State gets F on disclosure

Betsy Z. Russell Staff writer

Idaho is one of just three states in the nation that require no personal financial disclosure from its state Supreme Court justices, and one of four that require none from its governor, according to a new survey of states.

That makes Idaho the only state in the nation with no such requirements for top officials of any of its three branches of government. An earlier study by the same organization, the Center for Public Integrity, found that Idaho was one of just four states with no financial disclosure requirements for state legislators.

By contrast, Washington topped the new survey with the strictest financial disclosure requirements for its governor among all the states. Washington also was judged the most stringent in requiring disclosure from lawmakers.

“Washington was the only state to receive an ‘A’ grade in the Center’s analysis because it provided the most information to the public on its governor’s personal income and investments,” the center wrote in its report. “Eight states scored in the ‘B’ range, while 20 states received Cs or Ds.”

Idaho’s grade in the survey was an F. But Sen. Denton Darrington, R-Declo, chairman of the Idaho Senate Judiciary Committee, said the survey results didn’t bother him.

“If somebody had a conflict of interest, a Supreme Court justice on a case, and they don’t recuse themselves, there’d be a lot of hell to pay, I think,” Darrington said. “I don’t know how far we want to get into personal stuff. I don’t know if the public is protected by it in a small state like Idaho.”
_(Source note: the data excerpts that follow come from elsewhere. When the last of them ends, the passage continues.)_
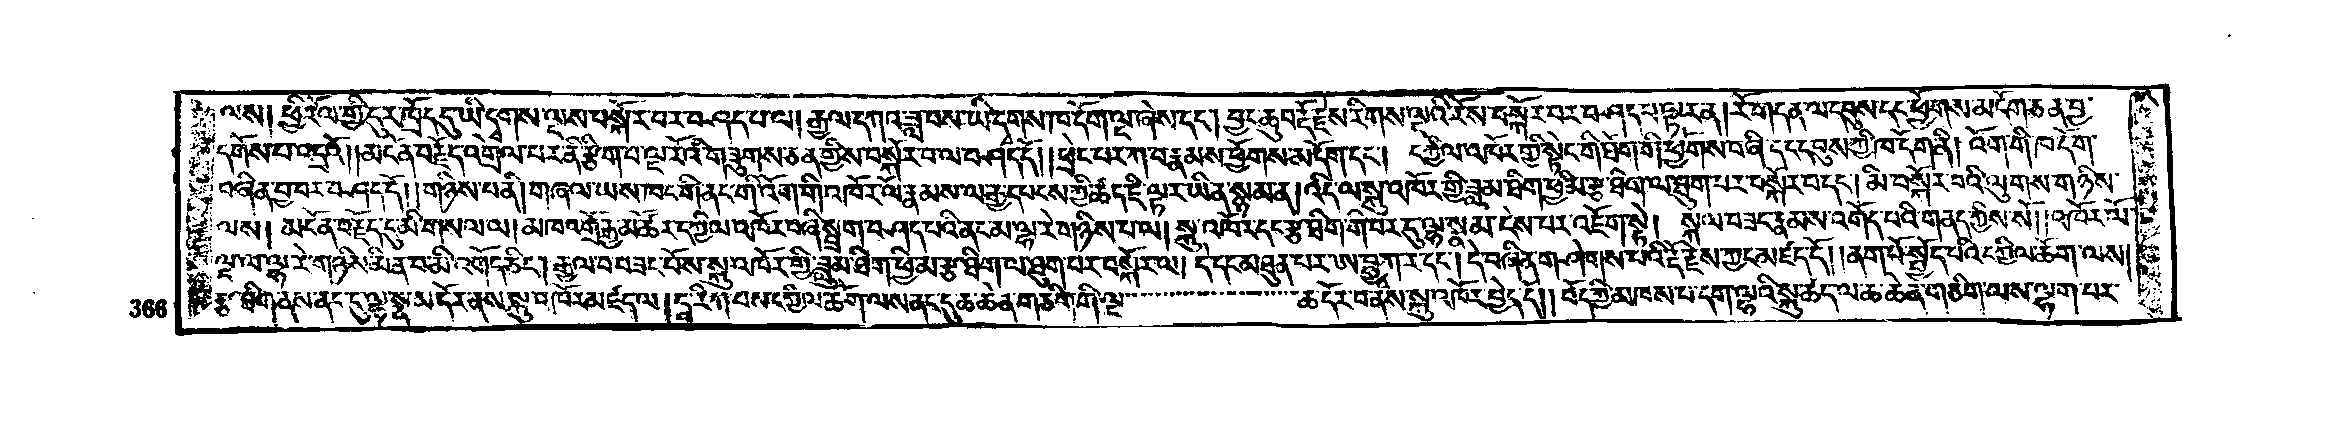ལས། ཕྱི་རོལ་གྱི་དུར་ཁྲོད་དུ་ཡི་དྭགས་ལྔས་བསྐོར་བར་བཤད་པ་ལ། རྒྱལ་དཀའ་ཟླ་བས་ཡི་དྭགས་ཁ་དོག་ལྔ་ཞེས་དང་། བྱང་ཆུབ་རྡོ་རྗེས་རིགས་ལྔའི་རོས་བསྐོར་བར་བཤད་པ་ལྟར་ན། རོ་གདན་ལ་དབུས་དང་ཕྱོགས་མདོག་ཅན་བྱ་
དགོས་པ་འདྲའོ། །མངོན་བརྗོད་འགྲེལ་པར་ནི་རྩིག་པ་ལྔ་རོའི་གཟུགས་ཅན་གྱིས་བསྐོར་བ་ལ་བཤད་དོ། །ཕྲེང་པར་ཀ་བ་རྣམས་ཕྱོགས་མདོག་དང་། དཀྱིལ་འཁོར་གྱི་སྟེང་གི་ཐོག་གི་ཕྱོགས་བཞི་དང་དབུས་ཀྱི་ཁ་དོག་ནི། འོག་གི་ཁ་དོག་
བཞིན་བྱ་བར་བཤད་དོ། །གཉིས་པ་ནི། གཞལ་ཡས་ཁང་གི་ནང་གི་འོག་གི་འཁོར་ལོ་རྣམས་ལ་རྒྱ་དཔངས་ཀྱི་ཚད་ཇི་ལྟར་ཡིན་སྙམ་ན། འདི་ལ་སྐུ་འཁོར་གྱི་ཟླུམ་ཐིག་ཕྱི་མ་རྩ་ཐིག་ལ་ཐུག་པར་བསྐོར་བ་དང་། མི་བསྐོར་བའི་ལུགས་གཉིས་
ལས། མངོན་བརྗོད་དུ་མི་གསལ་ལ། མཁའ་འགྲོ་རྒྱ་མཚོར་དཀྱིལ་འཁོར་བཞི་སྦྲག་བཤད་པའི་ནང་མ་ལྷ་རེ་གཉིས་པ་ལ། སྐུ་འཁོར་དང་རྩ་ཐིག་གི་བར་དུ་ལྷ་སྣམ་ངེས་པར་འཇོག་སྟེ། སྐལ་བཟང་རྣམས་འགོད་པའི་གནད་ཀྱིས་སོ། །འཁོར་ལོ་
ལྔ་ལ་ལྷ་རེ་གཉིས་མིན་པ་མི་འགོད་ཅིང་། རྒྱལ་བ་བཟང་པོས་སྐུ་འཁོར་གྱི་ཟླུམ་ཐིག་ཕྱི་མ་རྩ་ཐིག་ལ་ཐུག་པར་བསྐོར་ལ། དེ་དང་མཐུན་པར་ཨ་བྷྱཱ་ཀ་ར་དང་། དེ་བཞིན་གཤེགས་པའི་རྡོ་རྗེས་ཀྱང་མཛད་དོ། །ནག་པོ་སྤྱོད་པའི་དཀྱིལ་ཆོག་ལས།
རྩ་ཐིག་ནས་ནང་དུ་ལྷ་སྣམ་དོར་ནས་སྐུ་འཁོར་མཛད་ལ། དཱ་རི་ཀ་པས་དཀྱིལ་ཆོག་ལས་ནང་དུ་ཆ་ཆེན་གཅིག་གི་ལྔ་ཆ་དོར་བ་ནས་སྐུ་འཁོར་བྱེད་དོ། །བོད་ཀྱི་མཁས་པ་དག་ལྷའི་སྐུ་ཚད་ལ་ཆ་ཆེན་གཅིག་ལས་ལྷག་པར་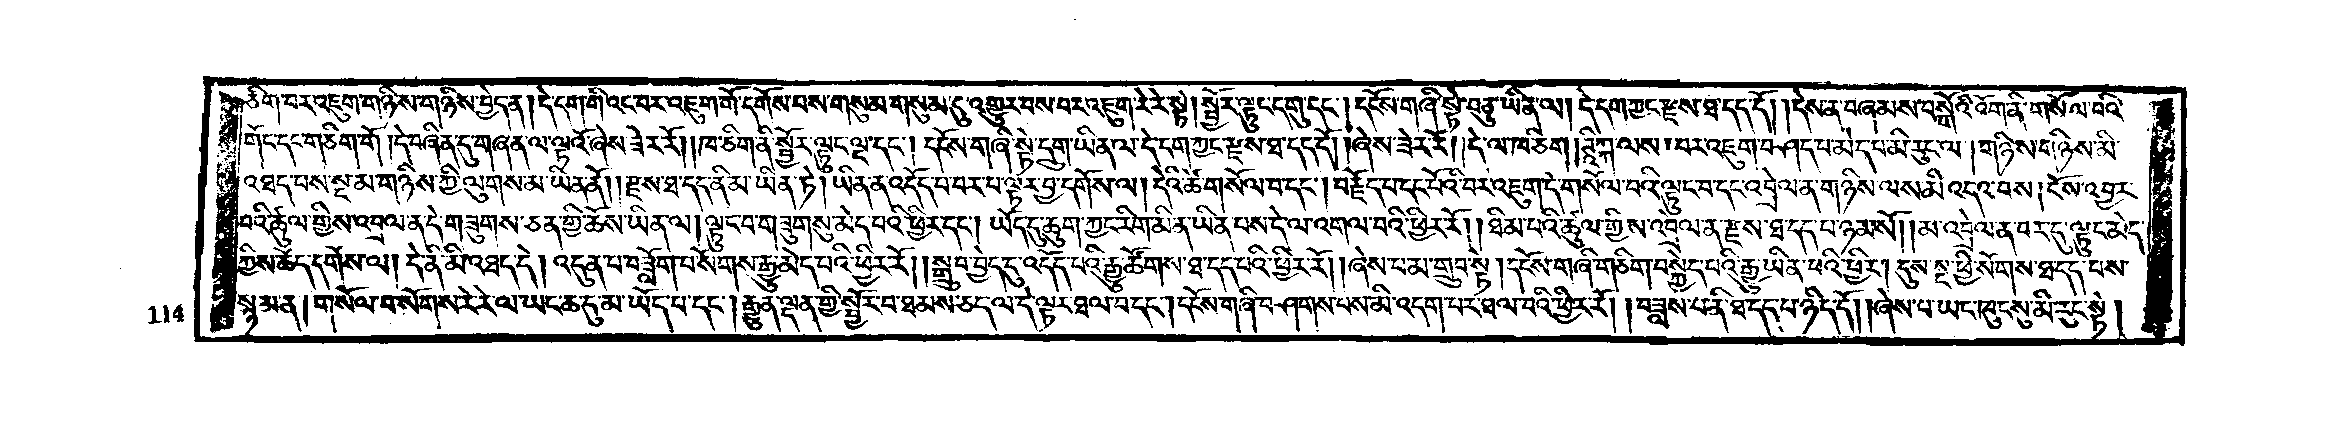ཅིག་པར་འཇུག་གཉིས་གཉིས་བྱེད་ན། དེ་དག་གི་འང་བར་འཇུག་གོ་དགོས་པས་གསུམ་གསུམ་དུ་འགྱུར་བས་བར་འཇུག་རེ་རེ་སྟེ། སྦྱོར་ལྟུང་དགུ་དང་། དངོས་གཞི་སྟེ་བཅུ་ཡིན་ལ། དེ་དག་ཀྱང་རྫས་ཐ་དད་དོ། །དེས་ན་བཞམས་བསྒོའི་འོག་ནི་གསོལ་བའི་
གོང་དང་གཅིག་གོ། །དེ་བཞིན་དུ་གཞན་ལ་ལྟའོ་ཞེས་ཟེར་རོ། །ཁ་ཅིག་ནི་སྦྱོར་ལྟུང་ལྔ་དང་། དངོས་གཞི་སྟེ་དྲུག་ཡིན་ལ་དེ་དག་ཀྱང་རྫས་ཐ་དད་དོ། །ཞེས་ཟེར་རོ། །དེ་ལ་ཁ་ཅིག །ཊཱིཀྐ་ལས། བར་འཇུག་བཤད་པ་མེད་པ་མི་རུང་ལ། གཉིས་གཉིས་མི་
འཐད་པས་སྔ་མ་གཉིས་ཀྱི་ལུགས་མ་ཡིན་ནོ། །རྫས་ཐ་དད་ནི་མ་ཡིན་ཏེ། ཡིན་ན་འདོད་པ་བར་པ་ལྟར་བྱ་དགོས་ལ། དེའི་ཚེ་གསོལ་བ་དང་། བརྗོད་པ་དང་པོའི་བར་འཇུག་དེ་གསོལ་བའི་ལྟུང་བ་དང་འབྲེལ་ན་གཉིས་ལས་མི་འདའ་བས། ངོས་འབྱར་
བའི་ཚུལ་གྱིས་འབྲལ་ན་དེ་གཟུགས་ཅན་གྱི་ཆོས་ཡིན་ལ། ལྟུང་བ་གཟུགས་སུ་མེད་པའི་ཕྱིར་དང་། ཡོད་དུ་ཆུག་ཀྱང་རིག་མིན་ཡིན་པས་དེ་ལ་འགལ་བའི་ཕྱིར་རོ། །ཐིམ་པའི་ཚུལ་གྱིས་འབྲེལ་ན་རྫས་ཐ་དད་པ་ཉམས་སོ། །མ་འབྲེལ་ན་བར་དུ་ལྟུང་མེད་
ཀྱིས་ཆོད་དགོས་ལ། དེ་ནི་མི་འཐད་དེ། འདུན་པ་བཟློག་པ་སོགས་རྒྱུ་མེད་པའི་ཕྱིར་རོ། །སྒྲུབ་བྱེད་དུ་འདོད་པའི་རྒྱུ་ཚོགས་ཐ་དད་པའི་ཕྱིར་རོ། །ཞེས་པ་མ་གྲུབ་སྟེ། དངོས་གཞི་གཅིག་བསྐྱེད་པའི་རྒྱུ་ཡིན་པའི་ཕྱིར། དུས་སྔ་ཕྱི་སོགས་ཐ་དད་པས་
སྙམ་ན། གསོལ་བ་སོགས་རེ་རེ་ལ་ཡང་ཆ་དུ་མ་ཡོད་པ་དང་། རྒྱུན་ལྡན་གྱི་སྦྱོར་བ་ཐམས་ཅད་ལ་དེ་ལྟར་ཐལ་བ་དང་། དངོས་གཞི་བཤགས་པས་མི་འདག་པར་ཐལ་བའི་ཕྱིར་རོ། །བཟླས་པ་ནི་ཐ་དད་པ་ཉིད་དོ། །ཞེས་པ་ཡང་ཁུངས་སུ་མི་རུང་སྟེ།

When the Center for Public Integrity compared state disclosure laws for legislators two years ago, Idaho had just come through an ethics scandal in its state Senate involving a senator who introduced a bill to enable his own convenience store to qualify for a state liquor license even though it was across from an elementary school. He didn’t disclose his interest and instead denied it. That senator, Jack Noble, resigned before an ethics vote could be held on whether to eject him from office.

At the time, many lawmakers were talking about moving toward requiring financial disclosure for Idaho legislators, but nothing has passed.

Darrington said he’s “lukewarm” on the idea. “I’m not averse to hearing proposals, but I’m not out waving the flag on it,” he said.

He’s not convinced that Idaho needs financial disclosure for its justices, governor or lawmakers. “What’s the difference between Supreme Court and governor and legislators?” Darrington asked.

“If the assumption is that because of their holdings there’s a conflict on their actions, there wouldn’t be any difference, because legislators act – just as I as a schoolteacher voted on school appropriations bills,” he said.

Oddly, the three states with no disclosure requirements for Supreme Court justices are all adjacent: Idaho, Montana and Utah.

The four without such requirements for their governors are Idaho, Michigan, Utah and Vermont.

The center noted a series of scandals in states across the country involving governors who either failed to make required disclosures or violated state rules on receiving costly gifts.

It also reported that although nearly all states require financial disclosures from their justices, many state residents are unaware that such disclosures exist, and researchers were told in some states that they were the first ever to ask to see them.

The center said the financial disclosure information helps keep citizens and voters informed about possible conflicts of interest in decisions made by elected officials.